Alisha Floyd and her son Chance were part of the Ohio Reformatory for Women's ABC Program.
Paige Pfleger
/
WOSU
Alisha Floyd and her son Chance were part of the Ohio Reformatory for Women's ABC Program.

Thursday marks the grand opening of a new home for the Ohio Reformatory for Women's Achieving Baby Care Success program (ABC). 

ABC is the only program in the state that allows qualifying mothers - who are pregnant at the time of incarceration - keep their babies with them in prison. 

The program's brand new building will house up to 26 moms and their children. The project cost the state more than $2 million. 

The ABC program was formerly located in a locked unit just off the reception area where new inmates first arrive at the prison. The unit was retrofitted to serve as the nursery and had some drawbacks. For example, the walls of the unit didn't go all the way to the ceiling, which made it difficult for some moms to get their babies to sleep. 

When WOSU visited the old unit in November 2018, inmate Aura Yazell said it was hard enough to get a newborn to sleep without the sounds of the other babies crying, too.

“I just got my baby to go back to sleep,” she said, cradling her sleeping son in her arms. “Please stop crying, please don’t wake him up with your crying.”

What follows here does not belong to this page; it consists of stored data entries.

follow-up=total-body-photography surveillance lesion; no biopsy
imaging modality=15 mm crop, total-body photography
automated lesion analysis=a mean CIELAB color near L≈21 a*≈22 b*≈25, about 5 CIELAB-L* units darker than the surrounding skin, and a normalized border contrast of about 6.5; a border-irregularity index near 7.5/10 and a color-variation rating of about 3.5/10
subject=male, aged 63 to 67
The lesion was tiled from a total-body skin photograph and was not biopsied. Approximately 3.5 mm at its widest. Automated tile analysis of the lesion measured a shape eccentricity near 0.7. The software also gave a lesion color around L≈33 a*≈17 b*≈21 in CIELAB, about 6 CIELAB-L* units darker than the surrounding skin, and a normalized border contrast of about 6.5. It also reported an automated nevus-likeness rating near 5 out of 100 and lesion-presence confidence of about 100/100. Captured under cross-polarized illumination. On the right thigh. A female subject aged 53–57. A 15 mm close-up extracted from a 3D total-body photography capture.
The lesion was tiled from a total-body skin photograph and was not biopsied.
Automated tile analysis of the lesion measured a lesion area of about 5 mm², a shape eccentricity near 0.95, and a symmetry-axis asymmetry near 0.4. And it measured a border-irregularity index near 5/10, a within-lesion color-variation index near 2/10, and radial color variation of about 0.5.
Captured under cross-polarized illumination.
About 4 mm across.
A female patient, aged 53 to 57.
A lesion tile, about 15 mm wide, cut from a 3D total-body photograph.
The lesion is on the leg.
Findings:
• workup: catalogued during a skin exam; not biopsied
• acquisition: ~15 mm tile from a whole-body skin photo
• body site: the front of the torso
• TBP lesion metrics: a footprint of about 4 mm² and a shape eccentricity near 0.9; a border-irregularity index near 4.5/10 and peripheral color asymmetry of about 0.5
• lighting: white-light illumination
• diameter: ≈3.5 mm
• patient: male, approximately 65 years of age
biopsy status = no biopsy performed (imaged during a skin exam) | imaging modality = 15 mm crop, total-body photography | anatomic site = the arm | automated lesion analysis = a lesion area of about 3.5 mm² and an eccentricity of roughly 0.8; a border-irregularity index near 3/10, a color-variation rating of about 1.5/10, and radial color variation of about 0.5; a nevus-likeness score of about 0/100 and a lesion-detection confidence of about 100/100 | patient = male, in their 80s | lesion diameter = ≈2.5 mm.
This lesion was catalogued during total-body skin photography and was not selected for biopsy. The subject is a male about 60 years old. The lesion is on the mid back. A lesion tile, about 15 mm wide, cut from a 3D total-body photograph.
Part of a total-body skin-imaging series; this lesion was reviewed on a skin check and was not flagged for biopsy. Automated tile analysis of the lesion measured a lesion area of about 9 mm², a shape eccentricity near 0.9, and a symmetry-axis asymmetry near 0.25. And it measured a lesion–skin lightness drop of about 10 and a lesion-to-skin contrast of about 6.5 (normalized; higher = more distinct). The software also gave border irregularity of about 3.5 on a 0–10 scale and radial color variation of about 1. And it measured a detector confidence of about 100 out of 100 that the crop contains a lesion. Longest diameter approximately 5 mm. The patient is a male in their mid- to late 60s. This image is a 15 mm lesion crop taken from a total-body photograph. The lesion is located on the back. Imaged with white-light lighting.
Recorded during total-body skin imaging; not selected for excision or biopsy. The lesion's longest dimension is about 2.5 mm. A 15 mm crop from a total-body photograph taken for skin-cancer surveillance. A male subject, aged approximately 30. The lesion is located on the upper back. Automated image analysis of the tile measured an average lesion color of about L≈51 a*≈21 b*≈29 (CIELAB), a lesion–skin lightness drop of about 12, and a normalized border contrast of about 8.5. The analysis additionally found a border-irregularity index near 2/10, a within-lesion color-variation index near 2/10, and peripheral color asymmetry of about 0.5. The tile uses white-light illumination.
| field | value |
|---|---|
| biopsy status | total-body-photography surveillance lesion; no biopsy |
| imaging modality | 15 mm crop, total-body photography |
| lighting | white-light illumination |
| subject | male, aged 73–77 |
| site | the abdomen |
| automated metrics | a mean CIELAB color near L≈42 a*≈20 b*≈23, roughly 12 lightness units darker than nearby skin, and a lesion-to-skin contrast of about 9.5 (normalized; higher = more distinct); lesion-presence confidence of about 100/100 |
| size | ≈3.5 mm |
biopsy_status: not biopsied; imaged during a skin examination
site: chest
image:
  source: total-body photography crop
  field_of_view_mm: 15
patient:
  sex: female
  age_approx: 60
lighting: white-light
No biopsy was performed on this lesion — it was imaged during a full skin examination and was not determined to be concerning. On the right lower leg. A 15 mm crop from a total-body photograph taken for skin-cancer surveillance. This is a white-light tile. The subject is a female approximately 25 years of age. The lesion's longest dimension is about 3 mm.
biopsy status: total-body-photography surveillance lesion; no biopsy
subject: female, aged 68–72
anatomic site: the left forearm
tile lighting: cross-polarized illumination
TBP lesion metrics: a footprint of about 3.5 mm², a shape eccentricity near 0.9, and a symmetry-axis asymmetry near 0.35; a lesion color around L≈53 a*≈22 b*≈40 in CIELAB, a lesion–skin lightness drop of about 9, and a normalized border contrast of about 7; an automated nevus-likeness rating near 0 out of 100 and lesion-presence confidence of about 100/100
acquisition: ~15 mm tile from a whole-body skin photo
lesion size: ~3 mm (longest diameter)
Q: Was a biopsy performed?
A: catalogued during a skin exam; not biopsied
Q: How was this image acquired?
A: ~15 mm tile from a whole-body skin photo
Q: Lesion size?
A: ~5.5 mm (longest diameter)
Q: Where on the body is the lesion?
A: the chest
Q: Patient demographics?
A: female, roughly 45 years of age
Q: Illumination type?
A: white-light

A large window in the old unit let officers outside keep watch over the nursery, but also allowed new inmates to look in, which made mom Alisha Floyd uncomfortable.

“That’s where the people look in the window and stare at the babies,” Floyd said. “We don’t know what their charges are. That’s really what I don’t like.”

The new nursery building was designed to address the moms' concerns. It has a full kitchen to prepare meals, an in-unit officer, and more room for ABC programming like breast feeding consultation, post-partum counseling, Head Start and weekly appointments with a pediatrician.

These resources are vital to the success of the program, said former warden Ronette Burkes.

“You go to school and you learn how to do all these things, but who teaches you how to be a parent?” she says.